During World War I the hall was used as a hospital and convalescent home for servicemen wounded in the war. It built a particular reputation for the treatment of tuberculosis (TB). After the war the site was purchased to establish a sanatorium, training colony and village for wounded servicemen and to act as a centre for the treatment of TB. The estate became known as the Preston Hall Colony.

At a time when the only treatment for TB was fresh air and rest, the cottages had verandas so that TB patient's beds could be pushed outside. The cottages were large enough that patient's families could live with them. Eventually about 30 cottages were built. Numbers of patients had fallen by 1925 when the Royal British Veterans Enterprise took over the running of the colony. The village quickly increased in population and became known as the Royal British Veterans Enterprise. The medical director of the sanatorium between 1924 and 1944 was Dr John McDougall who later went on to be Chief Tuberculosis Officer of the World Health Organization from 1945.
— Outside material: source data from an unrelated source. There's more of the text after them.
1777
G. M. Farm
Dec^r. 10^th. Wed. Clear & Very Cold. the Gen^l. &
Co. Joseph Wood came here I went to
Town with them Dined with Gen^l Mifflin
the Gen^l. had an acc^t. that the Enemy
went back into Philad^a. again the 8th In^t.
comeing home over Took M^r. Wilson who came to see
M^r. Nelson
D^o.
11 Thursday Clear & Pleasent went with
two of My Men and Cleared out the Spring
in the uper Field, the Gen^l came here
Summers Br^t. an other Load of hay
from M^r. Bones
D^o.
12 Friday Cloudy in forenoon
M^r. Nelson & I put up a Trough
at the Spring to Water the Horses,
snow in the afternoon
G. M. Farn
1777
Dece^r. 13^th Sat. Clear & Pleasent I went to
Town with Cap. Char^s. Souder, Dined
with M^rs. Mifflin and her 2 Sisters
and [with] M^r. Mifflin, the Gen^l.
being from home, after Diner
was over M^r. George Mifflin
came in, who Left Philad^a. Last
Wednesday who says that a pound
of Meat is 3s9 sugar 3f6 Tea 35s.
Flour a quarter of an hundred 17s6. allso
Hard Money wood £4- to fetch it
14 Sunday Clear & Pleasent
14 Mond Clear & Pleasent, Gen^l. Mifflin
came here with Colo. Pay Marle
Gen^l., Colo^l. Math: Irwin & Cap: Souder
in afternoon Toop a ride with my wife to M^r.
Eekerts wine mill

Royal British Veterans Enterprise maintains its presence at the village. Gavin Astor House provides specialist nursing care and there are assisted living areas for elderly forces veterans. Over 100 housing units are provided for veterans and their families and temporary accommodation is also provided on the site which provides housing for over 300 people. An industrial complex in the village houses Britain's Bravest Manufacturing Company, run by the Royal British Veterans Enterprise (RBVE), including the manufacturing of road and public signs used throughout the UK. Employment opportunities are also provided on the site and in 1972 the Poppy Appeal headquarters moved to the village.

===Hospital===
This hall was again used as a hospital during World War II and was brought into the National Health Service when it was established in 1948. It was used first as a specialist chest hospital before becoming a general hospital. When the Maidstone General Hospital opened in the early 1980s the hall was used as the headquarters of the Maidstone Health Authority until 2012.

==Modern use==
In March 2014 the hall was sold by the Department of Health to Weston Homes for a nominal fee to be converted into residential apartments. Some areas were in poor condition and repairs were made later in the year before a total of 36 flats were developed in the original building in 2015. Other areas of the site have been developed as further areas of housing.

Part of the estate is the site of the Heart of Kent Hospice, opened in 1992.

==Cricket ground==

A cricket ground had been built within the grounds of the hall by the mid 19th century. It was used in 1846 and 1847, when the hall was owned by the Milner family, by Kent County Cricket Club for two first-class cricket matches, both played against Surrey. These were the ground's only first-class fixtures and were held as part of an attempt to form a rival to the Canterbury based Kent club.

Prior to the formation of the first county club in 1842, Kent teams had played at the Old County Ground in Town Malling, 2.5 mi west of Preston Hall. The county returned to the ground to play four matches later in the 19th century. They also played over 250 matches at Mote Park in Maidstone between 1859 and 2005. Kent's Second XI played a number of matches at Cobdown Sports Ground in Ditton, around 1 mi to the west of Preston Hall, between 1948 and 1977.

The ground was also used for a number of non-first-class matches. Aylesford Cricket Club used the ground during the ownership of Charles Milner and a team called Preston Hall used the ground between 1873 and 1897, as did a team bearing the name of Henry Brassey. Matches are known to have been played against a variety of well-known amateur teams including I Zingari, Free Foresters, The Mote, Royal Engineers, Sevenoaks Vine and Eton Ramblers. Areas of sports fields remain in use as playing fields on land which was once owned by the estate between the M20 motorway and the River Medway, but the cricket ground is no longer in existence.